Any members here fancy a meet somewhere in Yorkshire? Im based between York & Harrogate, but willing to travel :lol:

Historically our Yorkshire meet was an evening mid-week meet, hours blast around a pre-planned route to a final destination that certainly served beer, and most definitely served steak or curry 8)

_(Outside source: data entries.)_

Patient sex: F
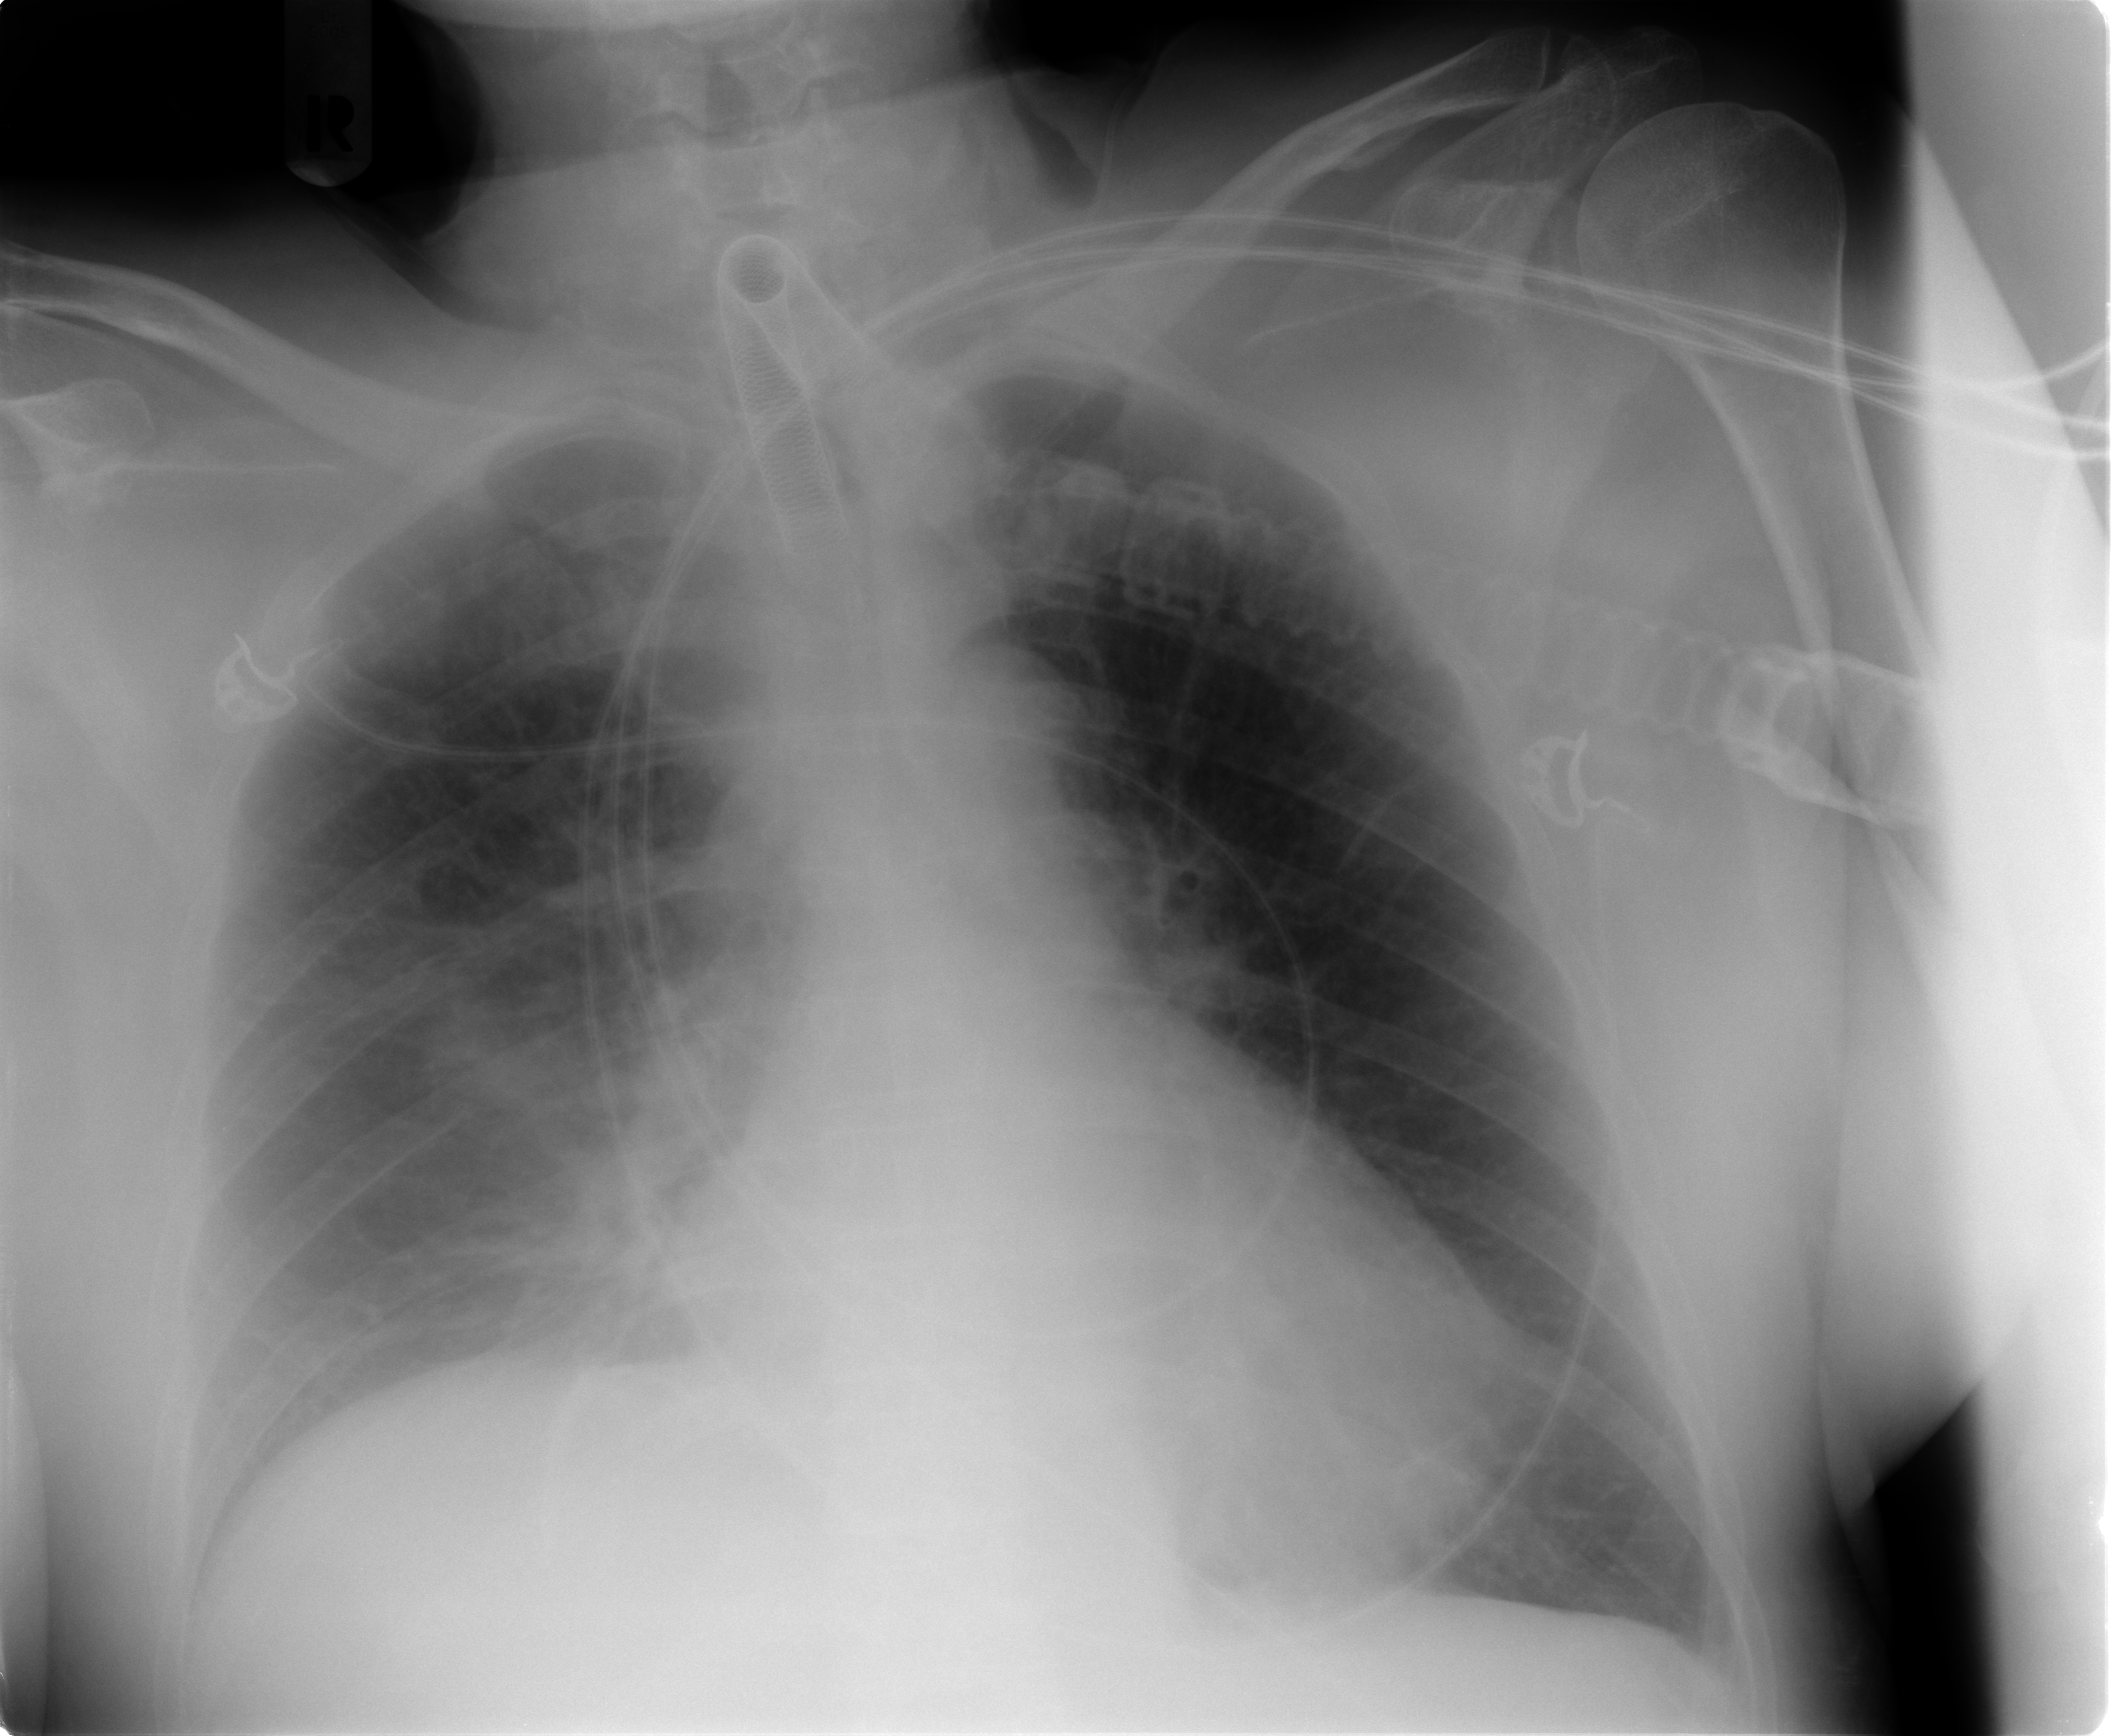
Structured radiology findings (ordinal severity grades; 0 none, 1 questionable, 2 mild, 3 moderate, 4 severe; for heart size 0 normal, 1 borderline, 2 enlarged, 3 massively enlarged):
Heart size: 0
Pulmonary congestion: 2
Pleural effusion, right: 1
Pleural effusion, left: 0
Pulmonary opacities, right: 1
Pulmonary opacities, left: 0
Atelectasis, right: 2
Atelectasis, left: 0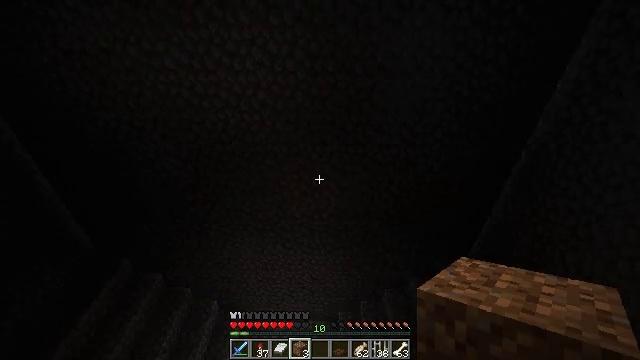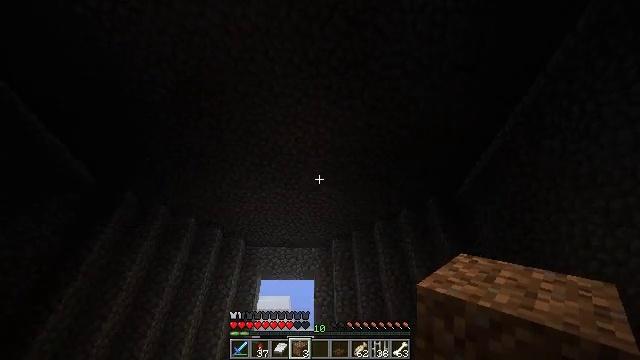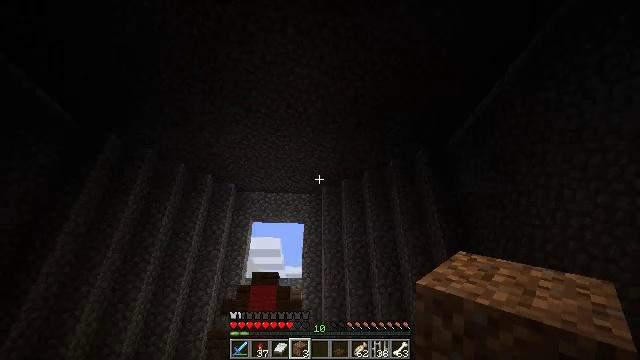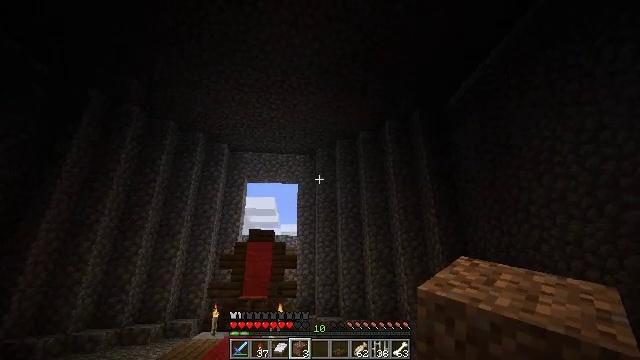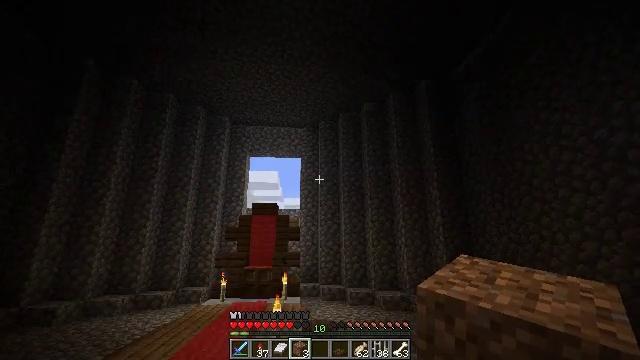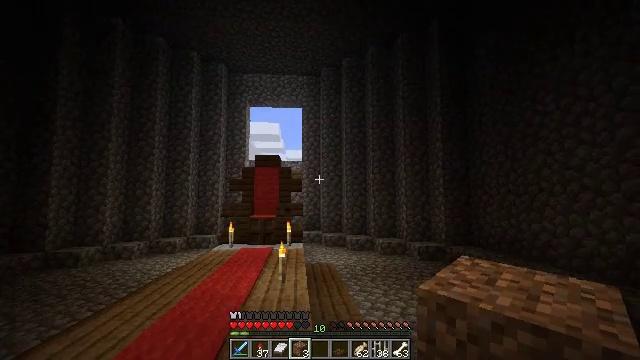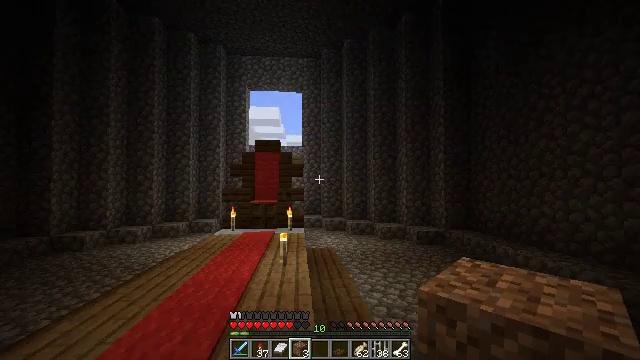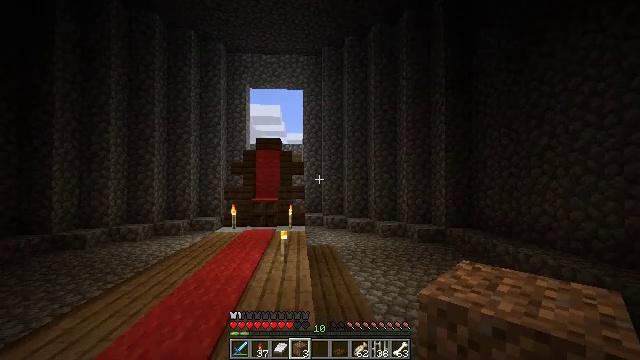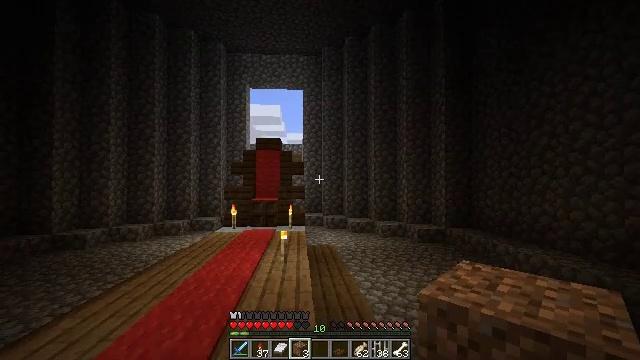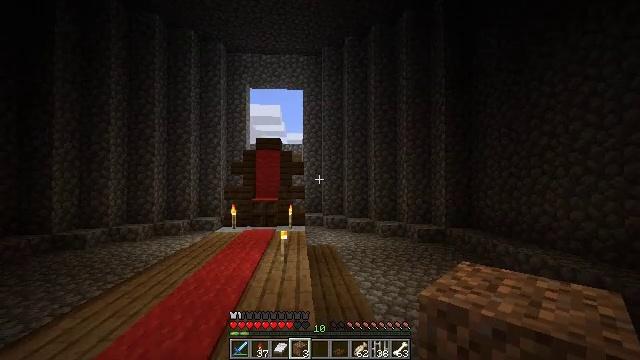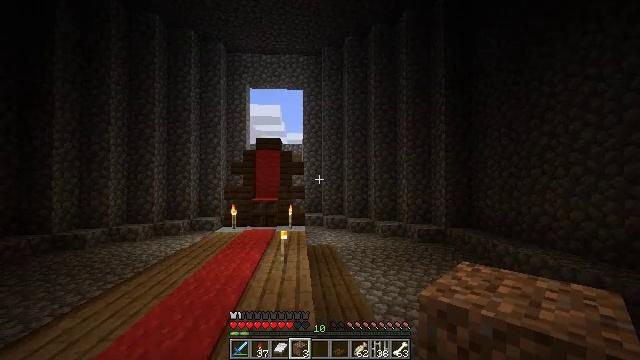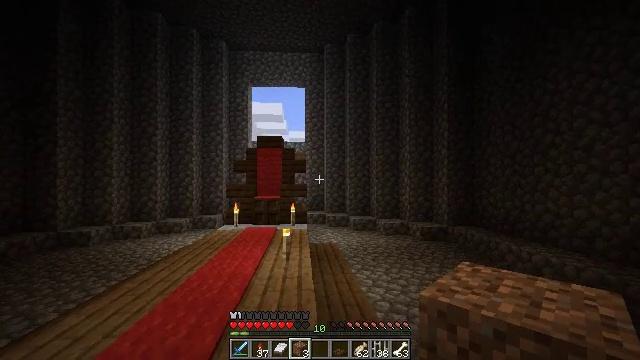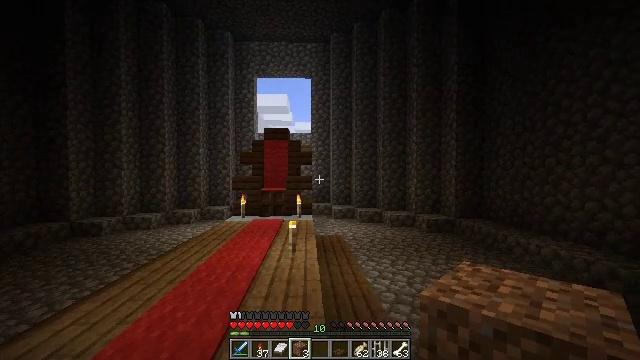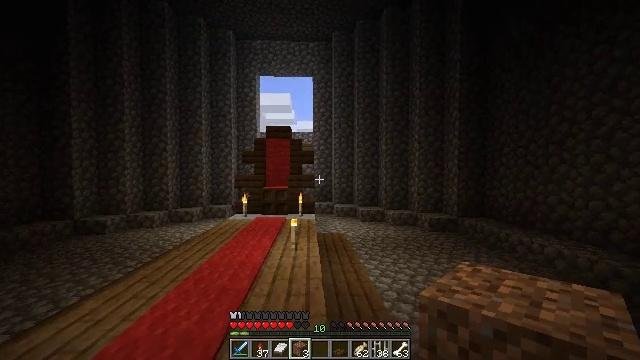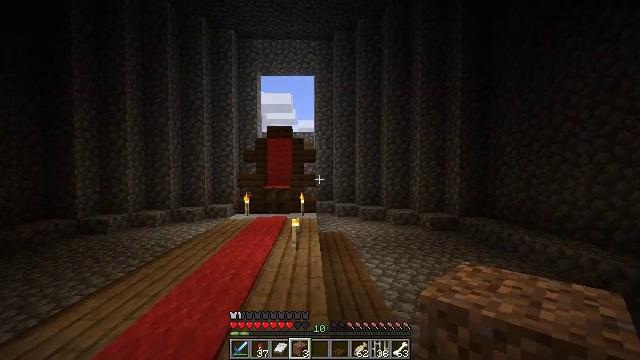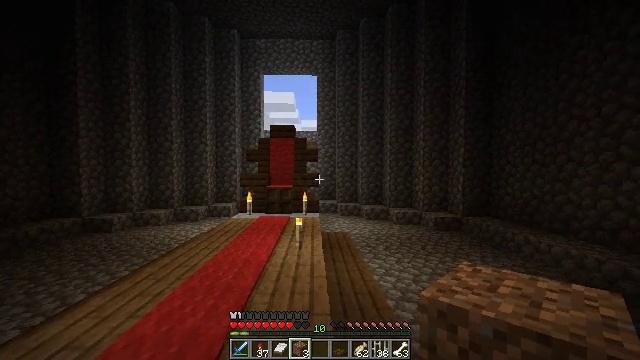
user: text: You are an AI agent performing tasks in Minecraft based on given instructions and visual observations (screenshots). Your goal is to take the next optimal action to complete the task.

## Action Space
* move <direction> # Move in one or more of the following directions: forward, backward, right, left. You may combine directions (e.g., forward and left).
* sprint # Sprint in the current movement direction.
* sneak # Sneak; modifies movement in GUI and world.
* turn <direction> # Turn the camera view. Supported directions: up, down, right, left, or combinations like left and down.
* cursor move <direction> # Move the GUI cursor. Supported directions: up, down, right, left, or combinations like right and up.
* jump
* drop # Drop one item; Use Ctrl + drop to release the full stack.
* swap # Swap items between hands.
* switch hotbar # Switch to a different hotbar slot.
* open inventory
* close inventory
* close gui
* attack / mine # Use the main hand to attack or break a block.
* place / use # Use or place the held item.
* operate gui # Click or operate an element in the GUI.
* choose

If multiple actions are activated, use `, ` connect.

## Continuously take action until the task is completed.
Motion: motion action
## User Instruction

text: Drop kelp from the inventory.
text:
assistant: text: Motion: turn right and down
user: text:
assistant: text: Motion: turn right and down
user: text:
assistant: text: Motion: turn right and down
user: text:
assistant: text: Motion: turn down
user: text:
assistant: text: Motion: turn down
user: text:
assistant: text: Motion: turn down
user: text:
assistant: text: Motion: no_op
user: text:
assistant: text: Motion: no_op
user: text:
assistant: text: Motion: no_op
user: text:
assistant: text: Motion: no_op
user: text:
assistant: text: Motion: no_op
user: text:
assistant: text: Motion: turn left and down
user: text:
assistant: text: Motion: no_op
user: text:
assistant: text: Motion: no_op
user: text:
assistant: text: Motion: no_op
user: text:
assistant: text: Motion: no_op
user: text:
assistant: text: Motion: no_op
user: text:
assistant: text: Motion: move left
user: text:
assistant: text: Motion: move forward and move left
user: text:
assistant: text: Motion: move forward and move left
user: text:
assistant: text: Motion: move forward and move left
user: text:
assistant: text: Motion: move forward
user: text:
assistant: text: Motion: move forward
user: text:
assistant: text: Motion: move forward
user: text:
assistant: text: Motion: move forward
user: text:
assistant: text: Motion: move forward and move left
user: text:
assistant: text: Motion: move forward and move left
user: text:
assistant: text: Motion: move forward and move left
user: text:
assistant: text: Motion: move forward
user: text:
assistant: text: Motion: move forward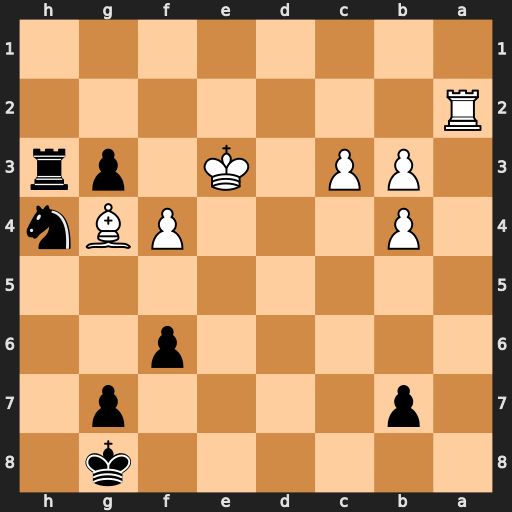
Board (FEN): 6k1/1p4p1/5p2/8/1P3PBn/1PP1K1pr/R7/8
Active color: b
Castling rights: -
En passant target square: -
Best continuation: g2+ Bxh3 g1=Q+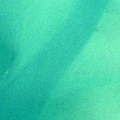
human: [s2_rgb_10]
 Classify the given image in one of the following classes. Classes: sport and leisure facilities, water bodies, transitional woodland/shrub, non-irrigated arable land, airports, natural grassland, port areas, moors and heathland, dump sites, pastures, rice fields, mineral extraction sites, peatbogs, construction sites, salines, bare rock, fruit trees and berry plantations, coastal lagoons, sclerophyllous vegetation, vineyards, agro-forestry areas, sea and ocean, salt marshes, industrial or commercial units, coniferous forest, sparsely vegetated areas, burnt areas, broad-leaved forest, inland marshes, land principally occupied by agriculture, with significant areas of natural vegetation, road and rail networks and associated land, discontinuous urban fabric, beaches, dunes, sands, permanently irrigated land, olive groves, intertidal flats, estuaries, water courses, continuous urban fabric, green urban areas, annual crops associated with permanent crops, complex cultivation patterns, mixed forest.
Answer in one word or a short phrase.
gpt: estuaries
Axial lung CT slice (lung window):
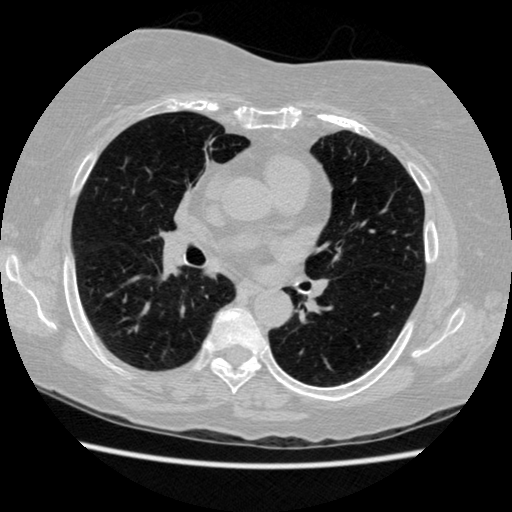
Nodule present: no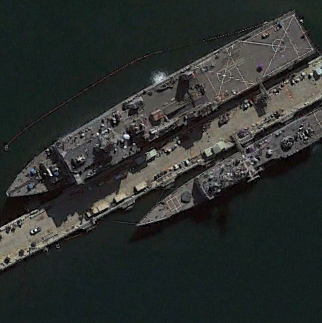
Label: combat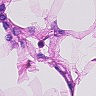
Metastatic tissue present: no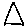
Label: triangle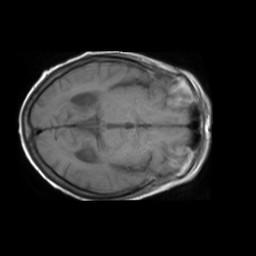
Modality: T1w
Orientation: axial
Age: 78
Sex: female
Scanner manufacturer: philips
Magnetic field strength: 1.5 T
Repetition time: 0.55 s
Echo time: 0.015 s

Do we have some local members interested, and hopefully we can pencil in a meet date this summer??


----------



## meehaja (Oct 22, 2017)

I'm in!


----------



## aphinch (Apr 23, 2018)

Potential depending on timing etc


----------



## BarryD (Feb 19, 2017)

If I can get a car in time and not at work ill be in.


----------



## BarryD (Feb 19, 2017)

Picked a car up today so im in.



BarryD said:


> If I can get a car in time and not at work ill be in.


----------



## YELLOW_TT (Feb 25, 2004)

I work shifts so would all be down to date


----------



## ShineyDave (May 19, 2010)

We're in. Beer and steak sounds tops, What about the Bingley arms at Bardsey?

That's not a bad venue with a bit of history and some decent beers and food


----------



## meehaja (Oct 22, 2017)

Works for me, set a date and we'll see how it works!


----------



## ShineyDave (May 19, 2010)

Seems to have gone a bit quiet on this proposal so lets give it a bit of a kick.

How does July 22nd fit in with everyone?

Bingley arms?


----------



## meehaja (Oct 22, 2017)

provisionally works for me, I'll have to check with the wife!


----------



## Holls (Apr 4, 2019)

I know this is an old post but if there is a meet, I'd love to come along.


----------